Fazia frio naquela noite chuvosa de quarta-feira, o que não impediu que algumas dezenas, cinco ou seis, de amantes da boa música cuja produção vai rareando entre nós, vez que,  compulsoriamente, cede espaço aos funks e outras modernidades, com prejuízo da língua culta, da verdadeira interpretação dos sentimentos dominantes nas pessoas, do amor de verdade, da necessária decantação da saudade e tradução profunda de quanto a dor dói, quando se fere o coração,  não renunciassem a se deslocar dos respectivos aconchegos em que se refugiaram para chegar ao “Palácio de Cristal”, da bela Petrópolis, cidade de Pedro.

Que nome merecidamente dado! Ali, tem-se revelada para quem não conhece, relembrada para quem esqueceu, a história do brasileiro que  foi obrigado a deixar o país amado, a terra em que nasceu, com a Proclamação da República, deixando para trás sua casa, seus amigos, muita coisa que amava tanto, a terra onde apesar de ter desposado uma mulher que julgava perfeita, vez que apresentada através de pinturas de artistas da terra dela, Nápolis, na realidade, não era fisicamente bonita, ou por fora, chegando inclusive a ser manca. E o imperador decepcionou-se a mais não poder. Mas se casara com ela, por procuração, diga-se de passagem. O convívio fê-lo descobrir os dons dos quais Teresa Cristina era dotada, exímia cantora, pianista, mulher coração e aprendeu a amá-la.

O que levou aquelas pessoas ao Palácio de Cristal, agora só no nome, pois, as paredes de cristal foram substituídas por vidro de boa qualidade, foi a ocorrência de uma semanal seresta que neste tempo, maio de 2016, comemora 19 anos de realização ininterrupta.

Quem chega, recebe um livreto com todas as letras das canções que o coral composto por cinco mulheres e quatro homens, acompanhados de um saxofonista, um violonista, um bom de cavaquinho e ótimo percussionista irão interpretar, logicamente, que acompanhados pelos presentes que não resistem à provocação dos magníficos acordes das músicas verdadeiros clássicos do cancioneiro brasileiro.

Dos tais jovens lá não se constatavam presenças. Gente de ao menos 35 a 40 anos para cima, dominava a plateia. Todos cantavam animadamente, muitos se levantaram aos acordes do Hino Nacional samba, “Aquarela do Brasil” de Ary Barroso. Neste momento, uma réplica ou sósia da famosa Piná, destaque da Beija Flor, “cinderela negra que ao príncipe encantou”, como cantava a escola no seu samba enredo em 1983, chamou atenção, por ter no corpo o verdadeiro gingado do samba e nos pés o compasso do passo certo desse entusiasmante ritmo.
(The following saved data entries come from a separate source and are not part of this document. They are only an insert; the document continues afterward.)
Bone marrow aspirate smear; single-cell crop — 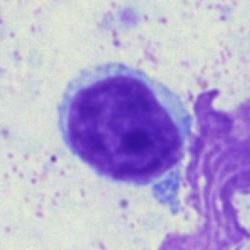Morphology consistent with a typical lymphocyte.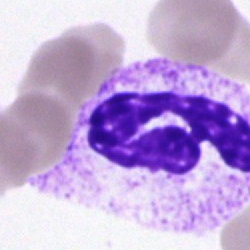 Cell type — segmented neutrophil.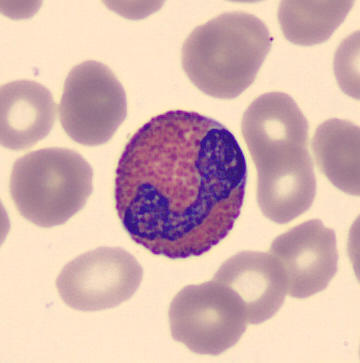
Specimen: peripheral blood smear.
Morphological class: eosinophil.
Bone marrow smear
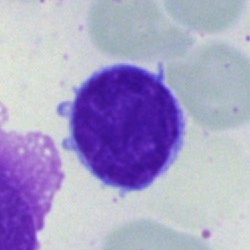

Specimen: bone marrow smear.
Morphological class: lymphocyte.
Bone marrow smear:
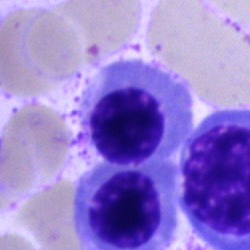Normoblast.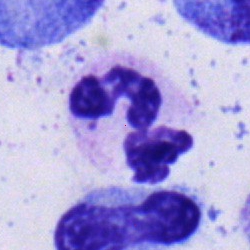
Impression — segmented neutrophil.
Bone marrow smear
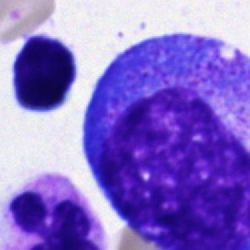Q: Which cell type is shown here?
A: A promyelocyte.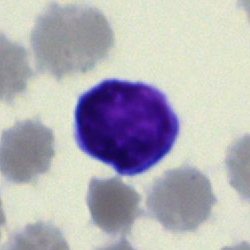 A typical lymphocyte.
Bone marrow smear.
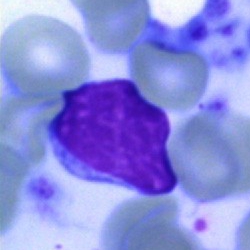Q: What type of cell is this?
A: Typical lymphocyte.
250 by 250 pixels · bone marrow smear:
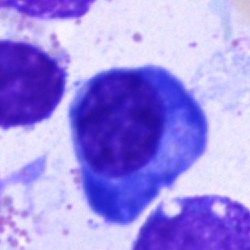
This is a plasma cell.
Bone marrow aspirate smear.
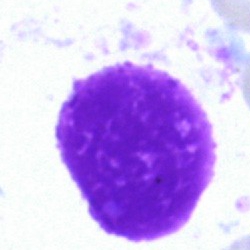

Morphology → artifact.
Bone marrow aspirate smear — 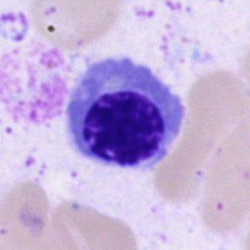Q: What cell is this?
A: A nucleated red blood cell.
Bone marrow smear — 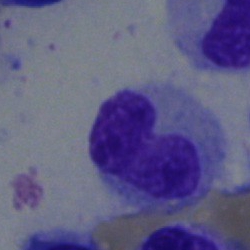

Q: What cell is this?
A: A stab cell.
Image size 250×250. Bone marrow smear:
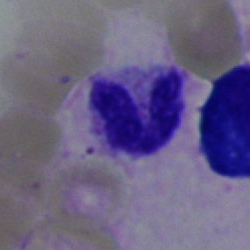 Single cell identified as a band neutrophil.
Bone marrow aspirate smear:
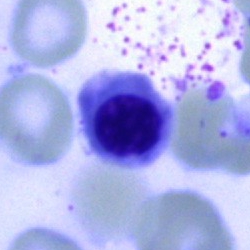The cell is nucleated red cell.
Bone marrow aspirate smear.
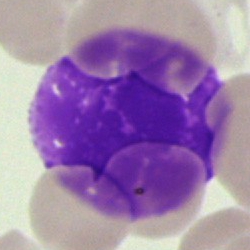
Showing an artefact.
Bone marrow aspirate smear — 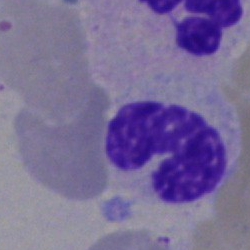Morphological class: neutrophil (band).
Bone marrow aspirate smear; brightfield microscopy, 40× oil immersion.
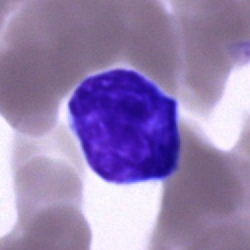

Classification: lymphocyte.
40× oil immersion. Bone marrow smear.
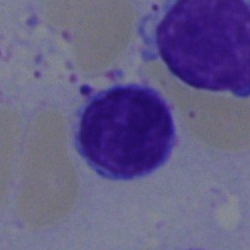 Single cell identified as a typical lymphocyte.
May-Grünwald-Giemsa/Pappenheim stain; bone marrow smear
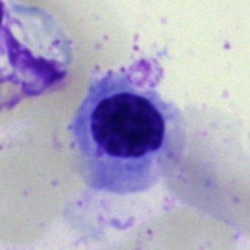A normoblast.
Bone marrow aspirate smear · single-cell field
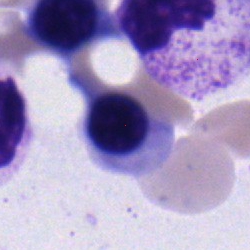
Cell type — normoblast.
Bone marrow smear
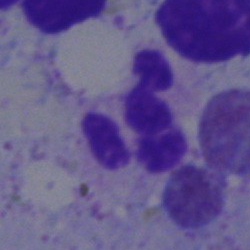

Q: Which cell type is shown here?
A: Polymorphonuclear neutrophil.
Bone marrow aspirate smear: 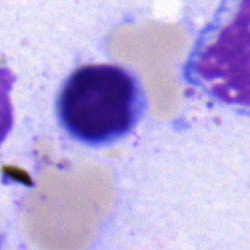
Cell type — lymphocyte.
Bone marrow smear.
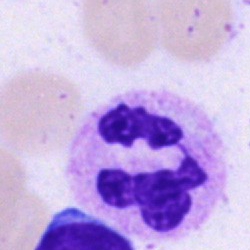
Morphology — segmented neutrophil.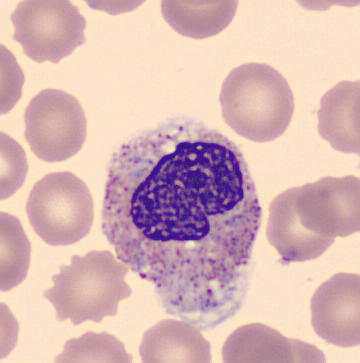
Identified as a metamyelocyte. Peripheral blood film.
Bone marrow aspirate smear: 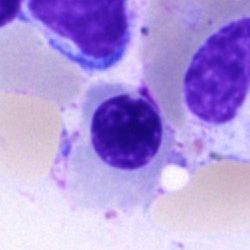Nucleated red blood cell.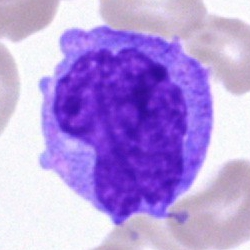
Specimen: bone marrow smear.
Morphological class: monocyte.
Lineage: myeloid.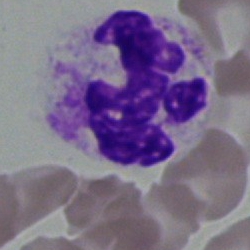

Cell type: neutrophil (segmented).
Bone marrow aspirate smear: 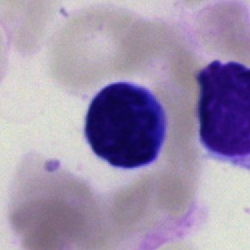
Cell type = typical lymphocyte.
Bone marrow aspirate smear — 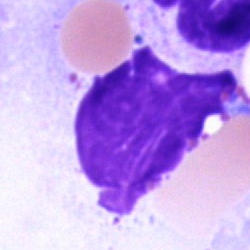

Morphology consistent with an artifact.
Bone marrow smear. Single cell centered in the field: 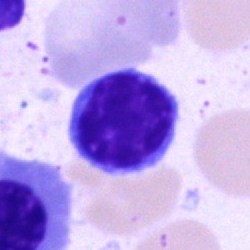
Q: What is the morphological classification of this cell?
A: This is a lymphocyte.
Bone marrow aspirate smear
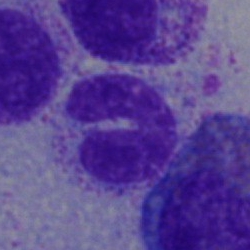 Single cell identified as a neutrophil (band).
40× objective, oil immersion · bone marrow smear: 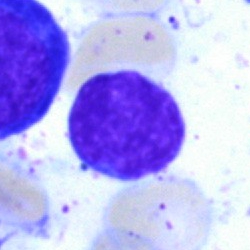
Q: What type of cell is this?
A: It is a typical lymphocyte.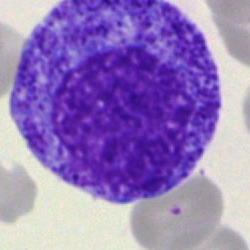Single cell identified as a promyelocyte.
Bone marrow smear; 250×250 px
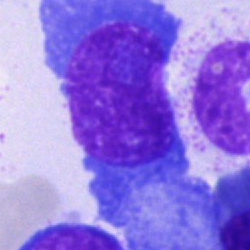 The cell shown is a plasmacyte.
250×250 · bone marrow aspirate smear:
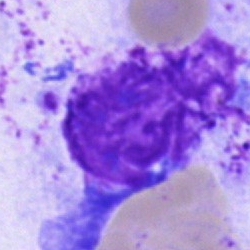

This is an artefact.
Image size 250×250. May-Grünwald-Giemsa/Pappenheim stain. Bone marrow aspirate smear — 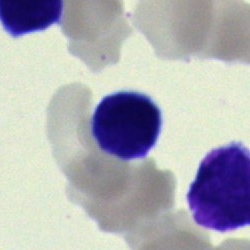 Cell: lymphocyte.
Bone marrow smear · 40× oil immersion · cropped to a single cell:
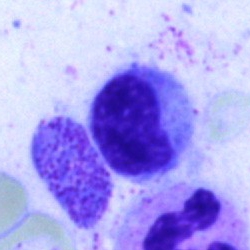

Specimen: bone marrow smear.
Cell type: typical lymphocyte.
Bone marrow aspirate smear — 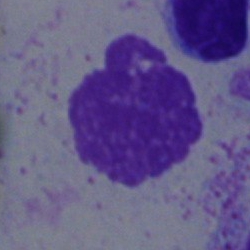
Single cell identified as an artefact.
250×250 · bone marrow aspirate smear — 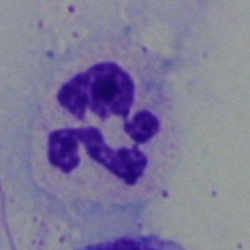This is a polymorphonuclear neutrophil.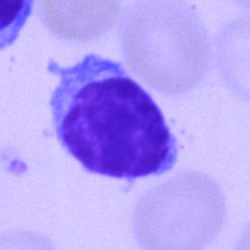
Cell type: typical lymphocyte.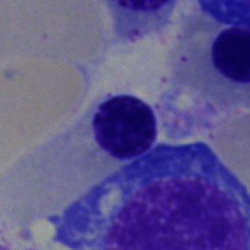 Morphology consistent with a normoblast.
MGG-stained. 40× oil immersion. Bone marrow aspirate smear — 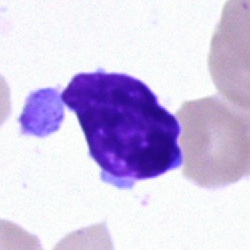 {"cell_type": "artefact"}
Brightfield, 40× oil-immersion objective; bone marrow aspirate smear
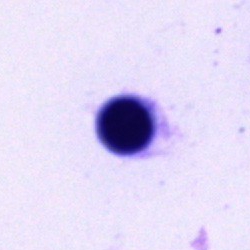

Cell type — unidentifiable cell.
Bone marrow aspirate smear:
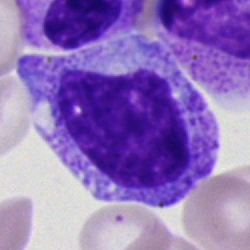
Q: What is shown here?
A: Myelocyte.
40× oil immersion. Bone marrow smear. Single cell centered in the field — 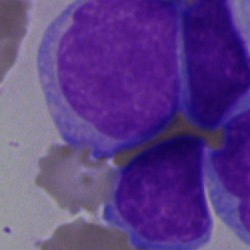

Morphology — blast cell.
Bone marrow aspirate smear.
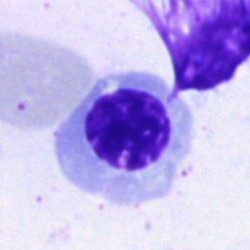 Cell type = nucleated red cell.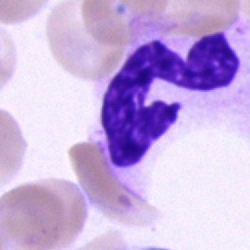The cell is segmented neutrophil.
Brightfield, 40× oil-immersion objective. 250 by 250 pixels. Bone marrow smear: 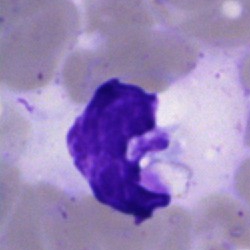 {"cell_type": "artefact"}
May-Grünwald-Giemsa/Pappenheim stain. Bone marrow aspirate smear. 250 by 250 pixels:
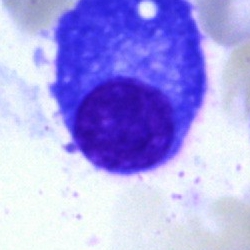
Morphology — plasma cell.
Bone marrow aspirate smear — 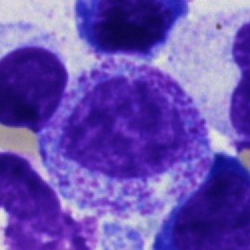Morphological class = myelocyte.
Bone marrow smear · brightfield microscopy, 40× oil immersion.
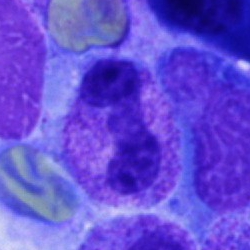

Showing a polymorphonuclear neutrophil.
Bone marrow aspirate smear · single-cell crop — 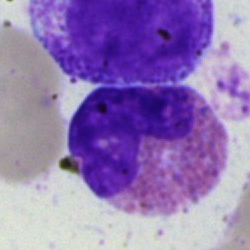Specimen: bone marrow smear.
Cell: eosinophilic granulocyte.
Lineage: myeloid.
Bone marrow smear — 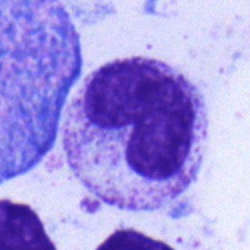 The cell shown is a metamyelocyte.
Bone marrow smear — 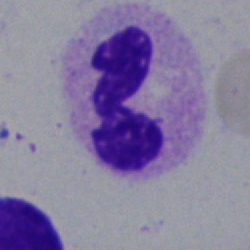
The cell is polymorphonuclear neutrophil.
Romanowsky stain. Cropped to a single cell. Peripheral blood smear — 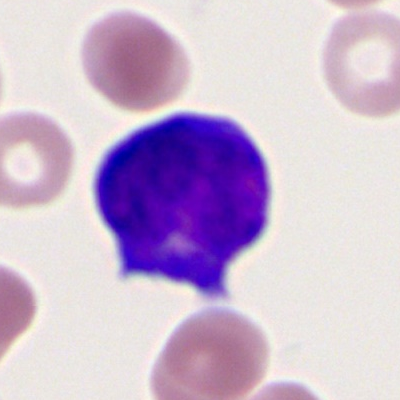 Showing a myeloid blast.

Só música que toca na alma, “Último desejo” de Noel Rosa; “Sentimental demais” de Jair Amorim e Evaldo Gouveia entre outras.

E eis que no grande salão já repleto de canção e poesia ecoam os acordes de “Lembranças” de Raul Sampaio e Benil Santos: “Lembro um olhar, lembro um lugar, Teu vulto amado. Lembro um sorriso e o paraíso que tive ao eu lado, lembro a saudade que hoje invade os dias meus, para o meu mal, lembro  afinal, um triste adeus. Sou agora no mar desta vida, um barco a vagar. Onde está o teu olhar, onde está teu sorriso e aquele lugar? Eu devia sorrir, eu devia, para o meu padecer ocultar mas diante e tantas lembranças me ponho a chorar”.

E se levanta para dançar, a cabeça mais branca por ali vista, de uma senhora que provavelmente beirava os noventa anos, podendo tê-los ultrapassado, que rodopiou no compasso da música e que faz levantar-se o companheiro, cabeça em neve ele também, e abraçados, dançam e até mais de uma vez se beijam, tocados pela magia da canção, enquanto são saudados por ruidosos aplausos vindos da plateia e do palco.

Ao último acorde, mas ainda entrelaçados, voltam a ocupar seus respectivos assentos.

Aquele estupendo sarau culminaria com “Despedida” de Roberto Carlos.

Francisca e Carlos deixam a sala como todos e por impulso antes de transpor a porta de saída, entreolham-se e se veem possuir de lembranças que remontam àqueles momentos de mais de 60 anos passados, quando se viram pela primeira vez, na praça da cidadezinha em que ambos nasceram, toda constituída de casas baixas, coladinhas umas nas outras, de fachadas quase totalmente constituídas de uma porta de entrada e duas janelas que pertenciam ao quarto da frente.

Pela porta, adentrava-se pequena sala, seguida de um corredor lateral aos outros dois ou três quartos, findando na copa cozinha. Aos fundos um “banheiro”.

E ali mesmo, cada um começou a dizer ao outro o que ia lembrando.

Tamanha era a emoção que não perceberam logo, que chovia, e foi  somente momentos depois que abriram o guarda-chuva sob o qual aconchegaram-se ainda mais e não paravam de falar.

Primeiro sentados num divã, depois na cama daquele quarto de hotel, as lembranças borbulhavam e vez ou outro se acompanhavam de sonoras risadas, até que já amanhecia quando o sono os dominou.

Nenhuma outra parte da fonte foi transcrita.